## WHAT IS BEING ASKED
Please retype the data in full and exactly; the pictures are not part of the copy.

## Stored records
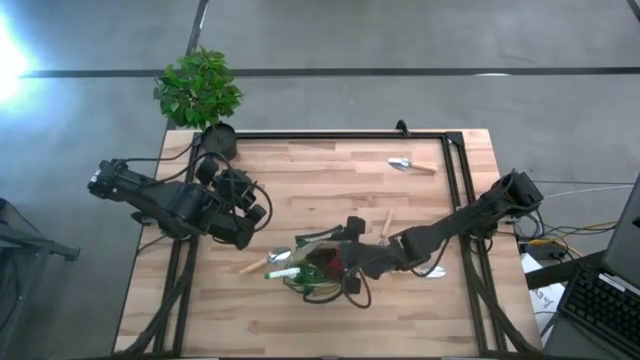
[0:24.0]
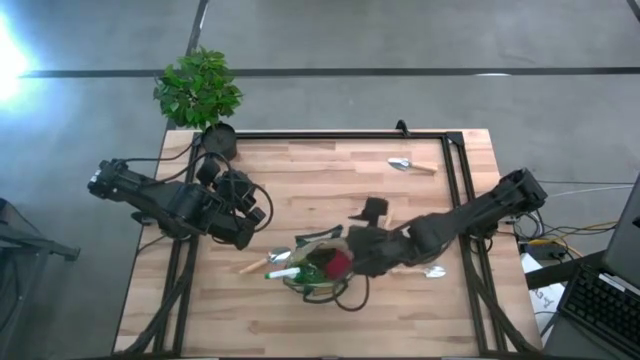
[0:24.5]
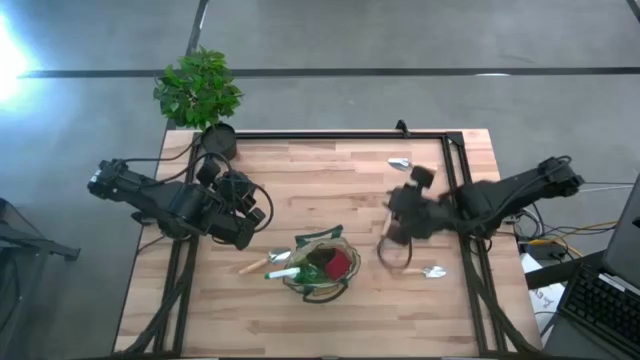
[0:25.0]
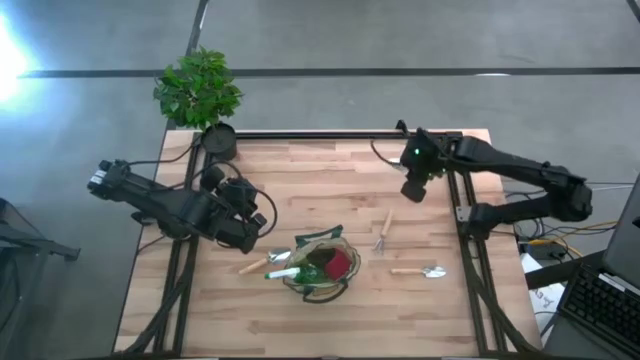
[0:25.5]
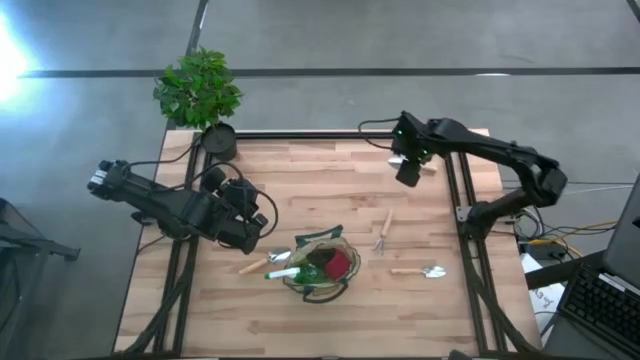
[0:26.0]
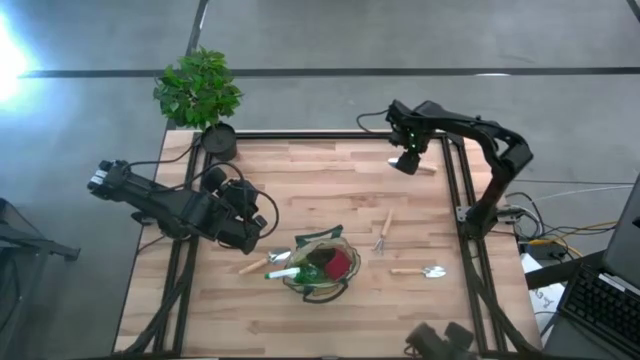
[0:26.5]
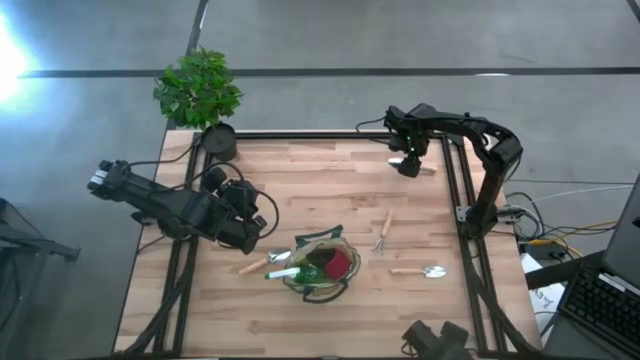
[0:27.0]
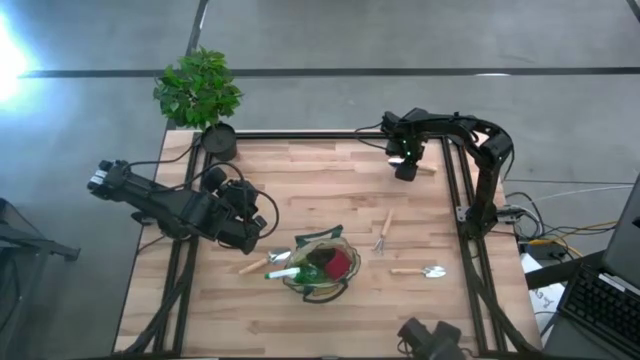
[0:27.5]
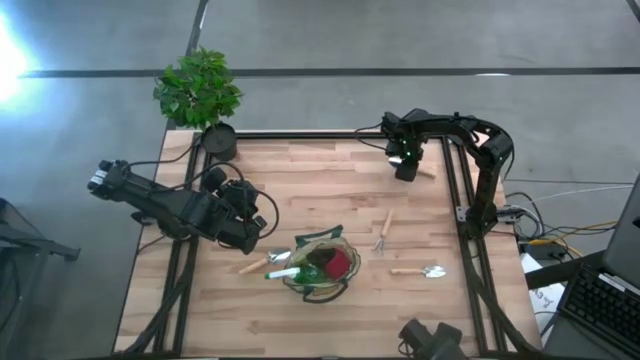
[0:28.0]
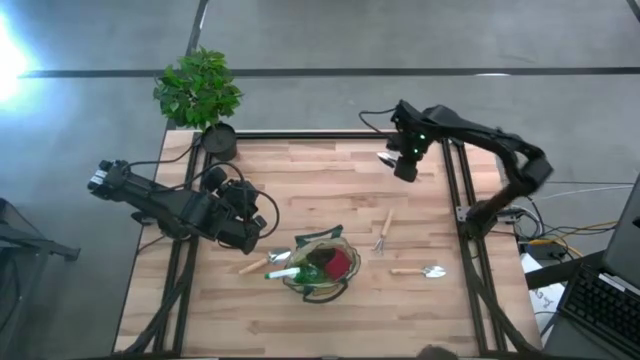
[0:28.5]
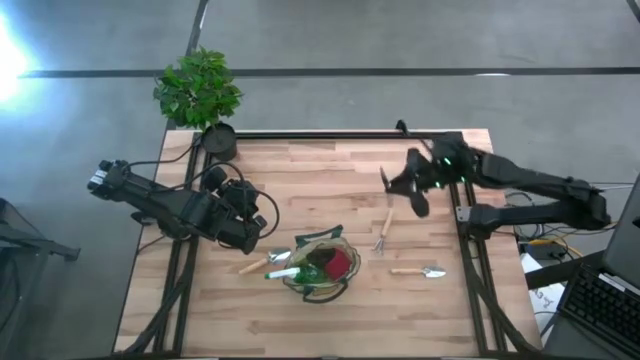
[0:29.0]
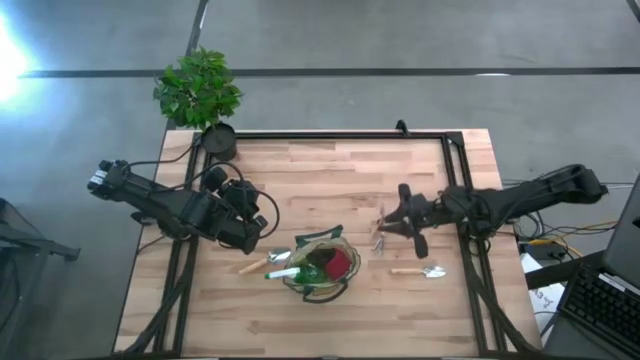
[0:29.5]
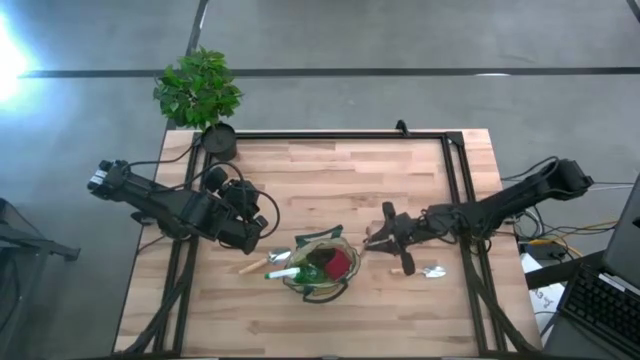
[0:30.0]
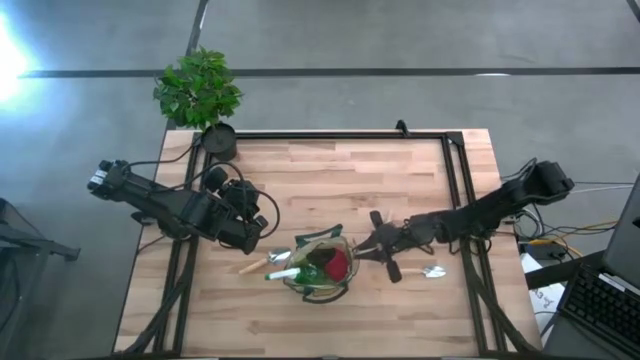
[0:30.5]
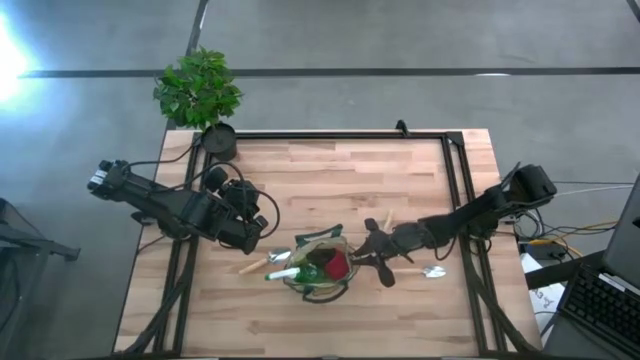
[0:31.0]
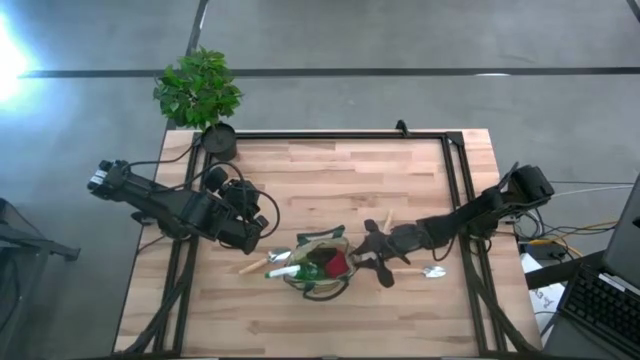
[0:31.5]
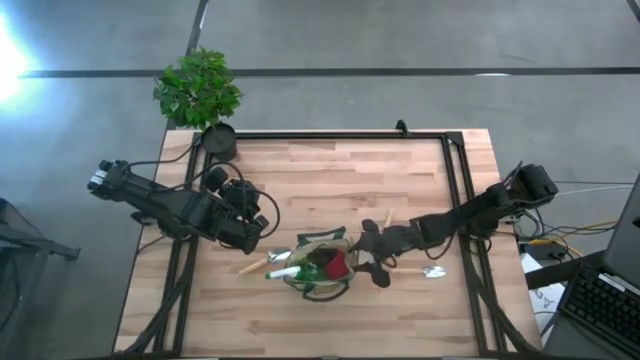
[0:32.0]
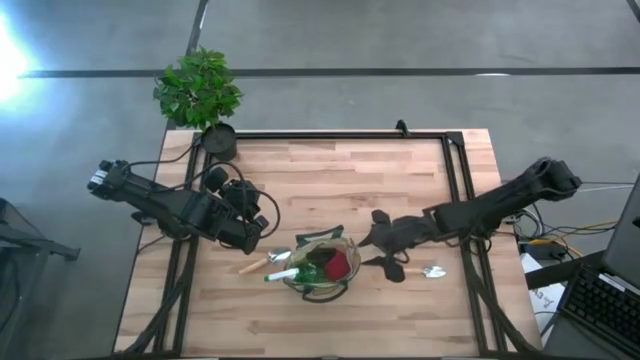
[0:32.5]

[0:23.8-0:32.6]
Task: Pick & Place Garden tools in Gardening bag
Put the top trowel into the gardening bag

## EXERCISE ANSWER
[0:24.0]
[0:24.5]
[0:25.0]
[0:25.5]
[0:26.0]
[0:26.5]
[0:27.0]
[0:27.5]
[0:28.0]
[0:28.5]
[0:29.0]
[0:29.5]
[0:30.0]
[0:30.5]
[0:31.0]
[0:31.5]
[0:32.0]
[0:32.5]

[0:23.8-0:32.6]
Task: Pick & Place Garden tools in Gardening bag
Put the top trowel into the gardening bag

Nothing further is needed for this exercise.